Stored data entries:
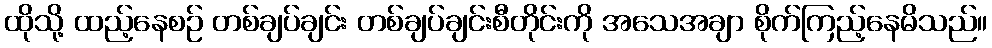
ထိုသို့ ထည့်နေစဉ် တစ်ချပ်ချင်း တစ်ချပ်ချင်းစီတိုင်းကို အသေအချာ စိုက်ကြည့်နေမိသည်။
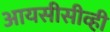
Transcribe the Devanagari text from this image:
आयसीसीव्ही
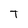
Character: T
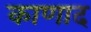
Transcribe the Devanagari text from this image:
काणाद
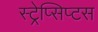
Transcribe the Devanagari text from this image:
स्ट्रेप्सिप्टस
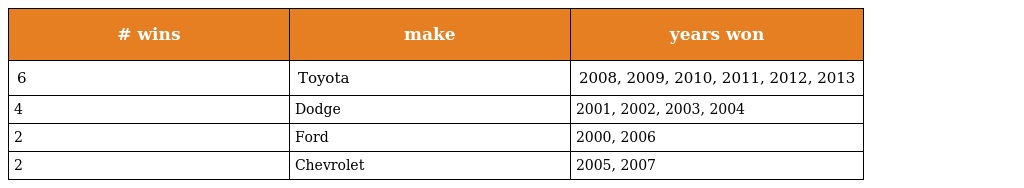
| # wins | make | years won |
 | --- | --- | --- |
 | 6 | Toyota | 2008, 2009, 2010, 2011, 2012, 2013 |
 | 4 | Dodge | 2001, 2002, 2003, 2004 |
 | 2 | Ford | 2000, 2006 |
 | 2 | Chevrolet | 2005, 2007 |
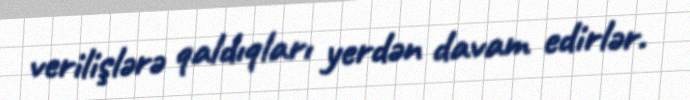
verilişlərə qaldıqları yerdən davam edirlər.
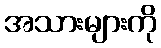
အသားများကို
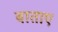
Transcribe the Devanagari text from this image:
बाताए
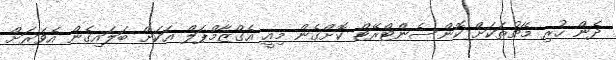
ދެން ހުރި މެޗުތަކަށް ކޮންސެންޓްރޭޓް ކޮށްގެން މިއީ އެގްޒާމްޕަލް އަކަށް ބަލައިގެން އެވަރަށް
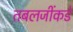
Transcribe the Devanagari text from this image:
तबलजींकडे
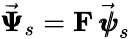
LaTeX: \vec{\pmb{{\Psi}}}_{s}={\mathbf F}\, \vec{\pmb{{\psi}}}_{s}
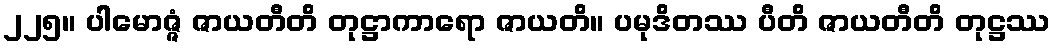
၂၂၅။ ပါမောဇ္ဇံ ဇာယတီတိ တုဋ္ဌာကာရော ဇာယတိ။ ပမုဒိတဿ ပီတိ ဇာယတီတိ တုဋ္ဌဿ
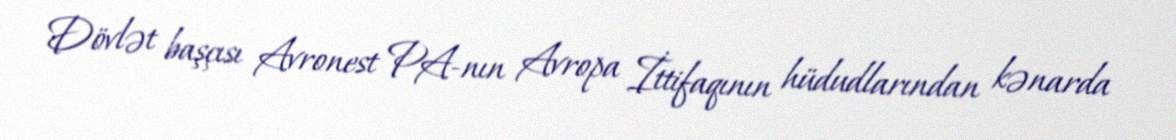
Dövlət başçısı Avronest PA-nın Avropa İttifaqının hüdudlarından kənarda
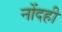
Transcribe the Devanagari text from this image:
नोंदही
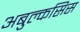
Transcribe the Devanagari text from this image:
अबुल्कसिस
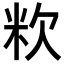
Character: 𥸷
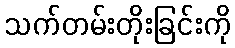
သက်တမ်းတိုးခြင်းကို
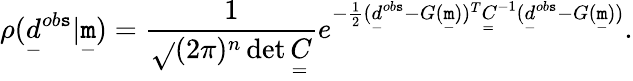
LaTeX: \rho(\underset{-}{d}^{ob\mathtt{s}}|\underset{-}{\mathtt{m}})=\frac{{1}}{{\sqrt{}{{(2\pi)^{n}\operatorname*{det}\underset{=}{C}}}}}e^{-\frac{{1}}{{2}}(\underset{-}{d}^{ob\mathtt{s}}-G(\underset{-}{\mathtt{m}}))^{T}\underset{=}{C}^{-1}(\underset{-}{d}^{ob\mathtt{s}}-G(\underset{-}{\mathtt{m}}))}.
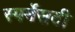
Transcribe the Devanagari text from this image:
स्पर्मेसटी
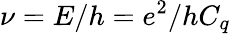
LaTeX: \nu=E/h=e^{2}/hC_{q}
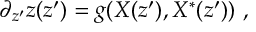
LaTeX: \partial _ { z ^ { \prime } } z ( z ^ { \prime } ) = g ( X ( z ^ { \prime } ) , X ^ { * } ( z ^ { \prime } ) ) ~ ,
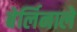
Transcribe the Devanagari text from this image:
बेर्लिनाले
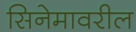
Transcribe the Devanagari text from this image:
सिनेमावरील
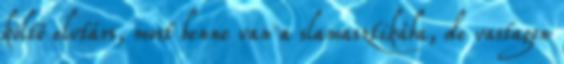
költő elvtárs, most benne van a slamasztikába, de vastagon
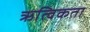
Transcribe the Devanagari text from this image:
ऋत्विकता
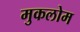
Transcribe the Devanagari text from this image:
मुकलोम
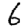
Digit: 6
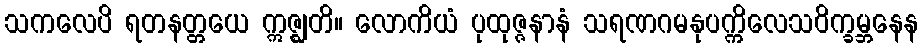
သကလေပိ ရတနတ္တယေ ဣဇ္ဈတိ။ လောကိယံ ပုထုဇ္ဇနာနံ သရဏဂမနုပက္ကိလေသဝိက္ခမ္ဘနေန
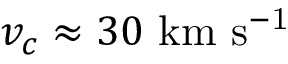
v _ { c } \approx 3 0 \ \mathrm { k m \ s ^ { - 1 } }
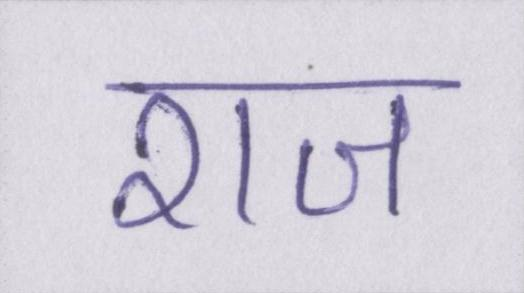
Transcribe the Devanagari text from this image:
राज
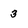
Character: 3
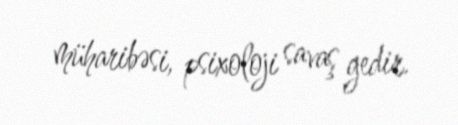
müharibəsi, psixoloji savaş gedir.
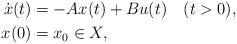
LaTeX: \begin{align*} \dot{x}(t) & = -Ax(t) + Bu(t) \quad(t>0),\\ x(0) & = x_0 \in X,\end{align*}
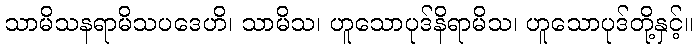
သာမိသနရာမိသပဒေဟိ၊ သာမိသ၊ ဟူသောပုဒ်နိရာမိသ၊ ဟူသောပုဒ်တို့နှင့်။
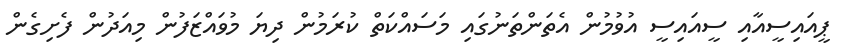
ޕީއައިސީއާއި ސީއައިސީ އުވުމުން އެތަންތަނުގައި މަސައްކަތް ކުރަމުން ދިޔަ މުވައްޒަފުން މިއަދުން ފެށިގެން
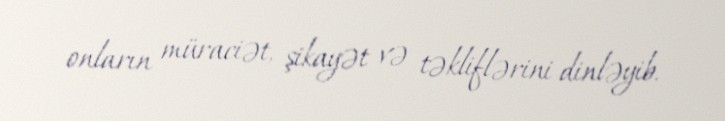
onların müraciət, şikayət və təkliflərini dinləyib.
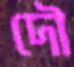
দৌ
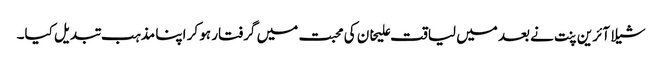
شیلا آئرین پنت نے بعد میں لیاقت علیخان کی محبت میں گرفتار ہو کر اپنا مذہب تبدیل کیا۔
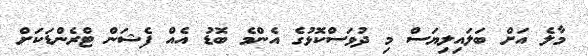
މާލެ އަށް ބަލައިލިޔަސް މި ދުވަސްކޮޅުގެ އެންމެ ބޮޑު އެއް ފެޝަން ޓްރެންޑަކަށް
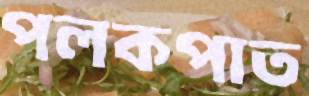
পলকপাত
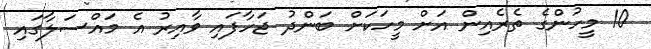
10 މީހުންގެ ތެރެއިން އަށް މީހަކަށް ބަންދު ޖަހާފައި ވާއިރު އެ މައްސަލާގައި
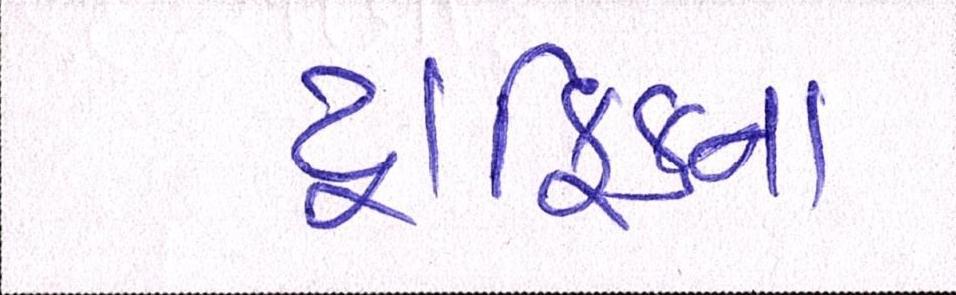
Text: ટ્રાફિકના
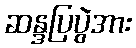
ဆန္ဒပြပွဲအား
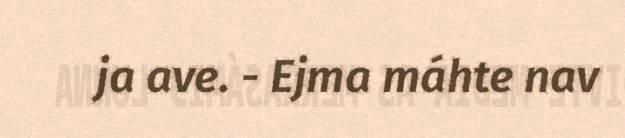
ja ave. - Ejma máhte nav
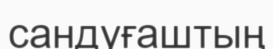
сандуғаштың
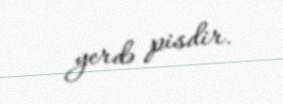
yerdə pisdir.
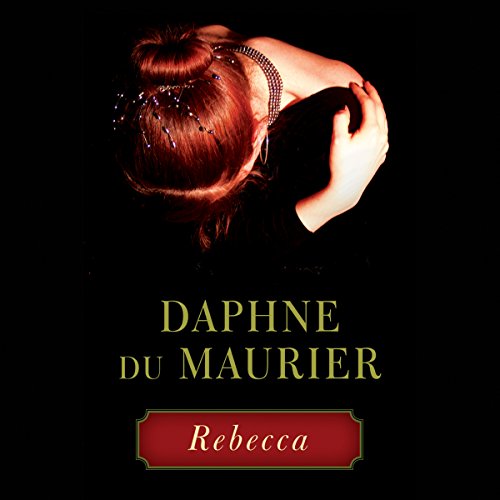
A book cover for Rebecca; Daphne du Maurier; Romance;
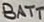
Text: BATT
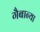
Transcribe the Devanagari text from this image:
गैबान्या
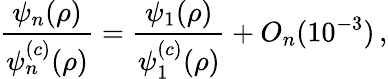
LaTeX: \frac{\psi_{n}(\rho)}{\psi_{n}^{(c)}(\rho)}=\frac{\psi_{1}(\rho)}{\psi_{1}^{(c)}(\rho)}+O_{n}(10^{-3})\, ,
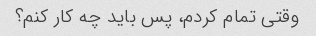
وقتی تمام کردم، پس باید چه کار کنم؟
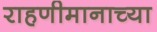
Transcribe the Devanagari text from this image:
राहणीमानाच्या

Your task:
Retype the line containing "A book cover" and each line after it through the last line of the entries above, exactly, with no pictures and nothing else.

Response to this task:
A book cover for Rebecca; Daphne du Maurier; Romance;
Text: BATT
Transcribe the Devanagari text from this image:
गैबान्या
LaTeX: \frac{\psi_{n}(\rho)}{\psi_{n}^{(c)}(\rho)}=\frac{\psi_{1}(\rho)}{\psi_{1}^{(c)}(\rho)}+O_{n}(10^{-3})\, ,
وقتی تمام کردم، پس باید چه کار کنم؟
Transcribe the Devanagari text from this image:
राहणीमानाच्या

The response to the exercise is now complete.